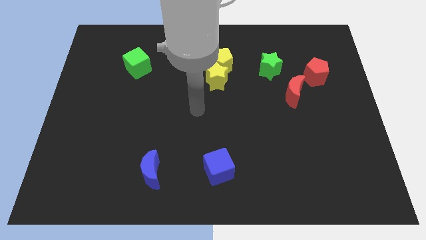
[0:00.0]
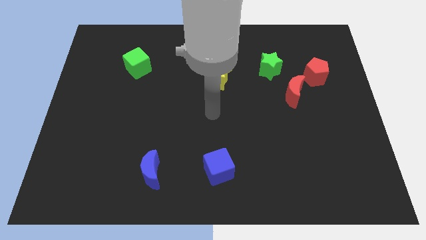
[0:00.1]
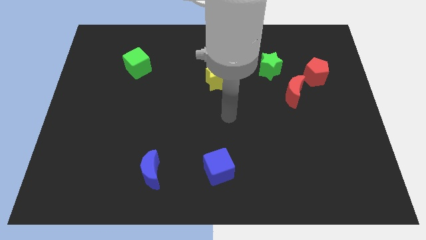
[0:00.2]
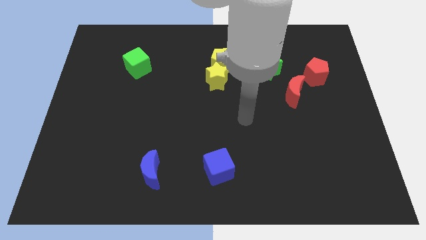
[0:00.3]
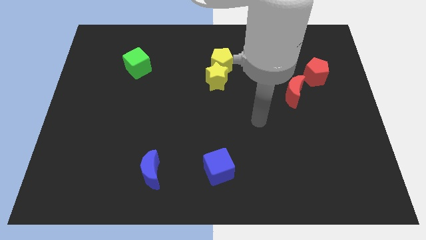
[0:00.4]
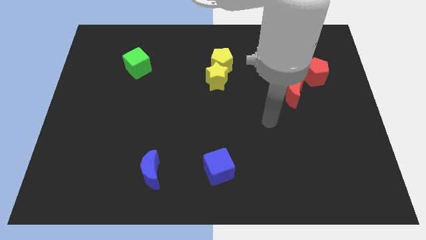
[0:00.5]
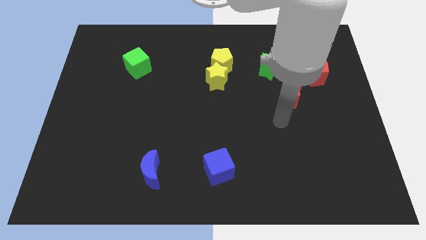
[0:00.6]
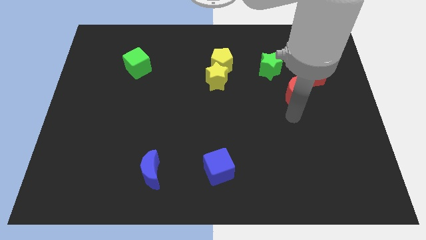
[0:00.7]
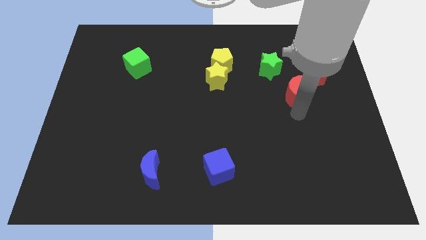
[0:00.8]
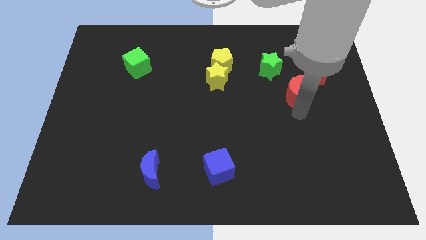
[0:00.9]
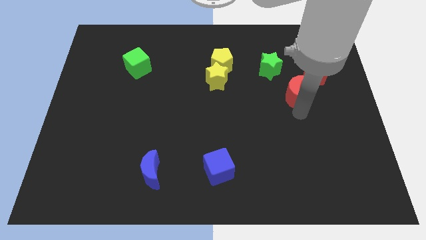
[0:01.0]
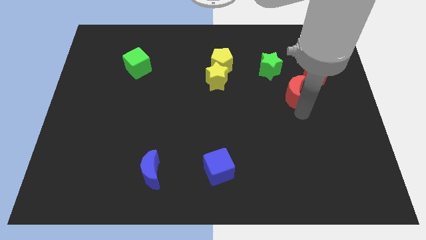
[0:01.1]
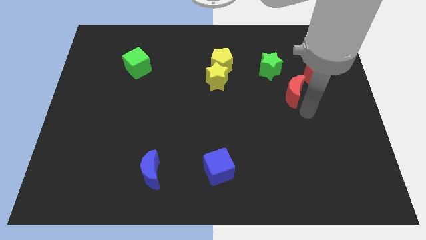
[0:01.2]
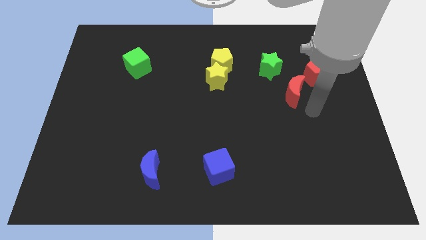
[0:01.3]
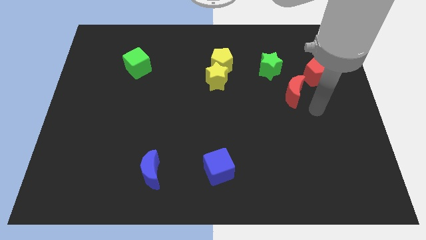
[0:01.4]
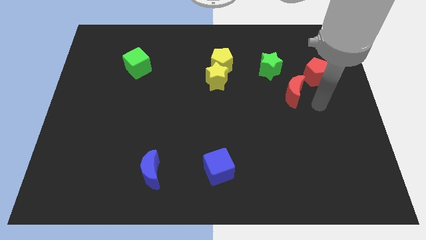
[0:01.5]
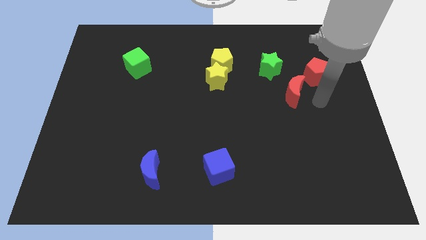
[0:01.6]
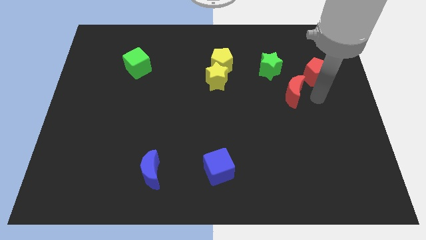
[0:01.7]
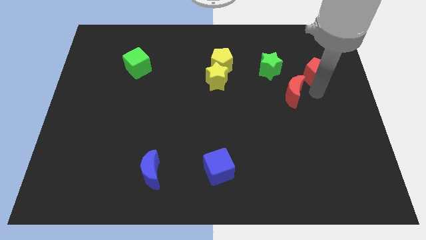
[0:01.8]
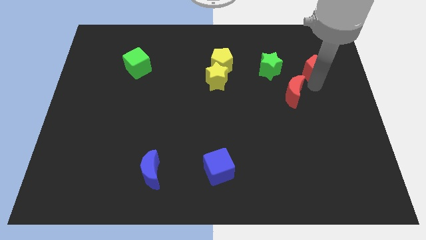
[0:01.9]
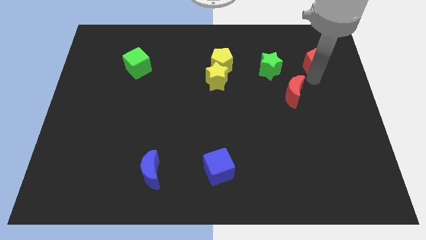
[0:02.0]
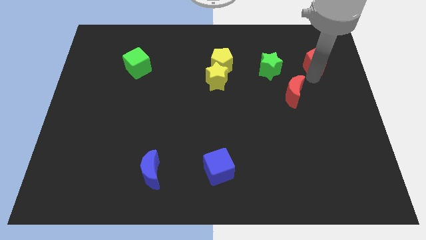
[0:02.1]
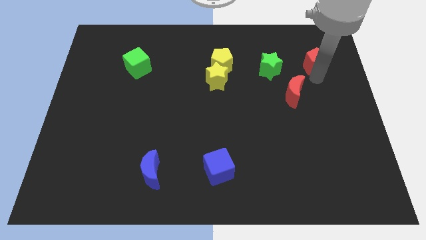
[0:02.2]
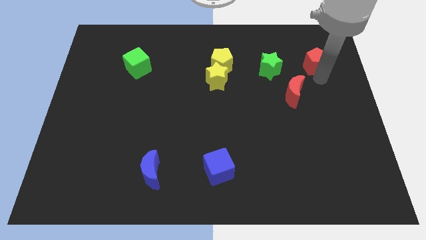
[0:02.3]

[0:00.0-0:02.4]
* * * *
■ Aim of the task
Make an exact copy of the listing. Leave its pictures out.

■ Answer to this exercise
[0:00.0]
[0:00.1]
[0:00.2]
[0:00.3]
[0:00.4]
[0:00.5]
[0:00.6]
[0:00.7]
[0:00.8]
[0:00.9]
[0:01.0]
[0:01.1]
[0:01.2]
[0:01.3]
[0:01.4]
[0:01.5]
[0:01.6]
[0:01.7]
[0:01.8]
[0:01.9]
[0:02.0]
[0:02.1]
[0:02.2]
[0:02.3]

[0:00.0-0:02.4]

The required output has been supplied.